In my Forbes column last week, I discuss the incredible similarity between the computer models that are used to justify the Obama stimulus and the climate models that form the basis for the proposition that manmade CO2 is causing most of the world’s warming.
The climate modeling approach is so similar to that used by the CEA to score the stimulus that there is even a climate equivalent to the multiplier found in macro-economic models. In climate models, small amounts of warming from man-made CO2 are multiplied many-fold to catastrophic levels by hypothetical positive feedbacks, in the same way that the first-order effects of government spending are multiplied in Keynesian economic models. In both cases, while these multipliers are the single most important drivers of the models’ results, they also tend to be the most controversial assumptions. In an odd parallel, you can find both stimulus and climate debates arguing whether their multiplier is above or below one.
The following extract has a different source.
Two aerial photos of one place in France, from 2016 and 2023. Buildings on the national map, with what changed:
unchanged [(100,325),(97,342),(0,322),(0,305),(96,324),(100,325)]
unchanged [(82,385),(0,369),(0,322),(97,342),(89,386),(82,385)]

How similar does this sound to climate science:
If macroeconometrics were a viable paradigm, we would have seen major efforts to try to bring this sort of model up to date from its 1975 time warp. However, for reasons I have documented, the profession has decided that this macroeconometric project was a blind alley. Nobody bothered to bring these models up to date, because that would be like trying to bring astrology up to date.
This, from Arnold Kling about macroeconomic models could have been written just as well to describe the process for running climate models
Thirty-five years ago, I was Blinder’s research assistant, doing these sorts of simulations on the Fed-MIT-Penn model for the Congressional Budget Office. I think they are still done the same way. See lecture 13. Here are some of the things that Blinder had to tell his new research assistant to do.1. Make sure that there were channels in the model for credit market conditions to affect consumption and investment.
2. Correct the model’s past forecast errors, so that it would track the actual behavior of the economy over the past two years exactly. With the appropriate “add factors” or correction factors, the model then produces a “baseline scenario” that matches history and then projects out to the future. For the future, a judgment call has to be made as to how rapidly the add factors should decay. That is mostly a matter of aesthetics.
3. Simulate the model without the fiscal stimulus. This will result in the model’s standard multiplier analysis.
4. Make up an alternative path for what you think would have happened in credit markets without TARP and other extraordinary measures. For example, you might assume that mortgage interest rates would have been one percentage point higher than they actually were.
5. Simulate the model with this alternative scenario for credit market conditions.
6. (4) and (5) together create a fictional scenario of how the economy would have performed had the government not taken steps to fight the crisis. According to the model, this fictional scenario would have been horrid, with unemployment around 15 percent.
In the case of climate, the equivalent fictional scenario would be the world without manmade CO2, but the process of tweaking input variables and assuming one’s conclusions is the same.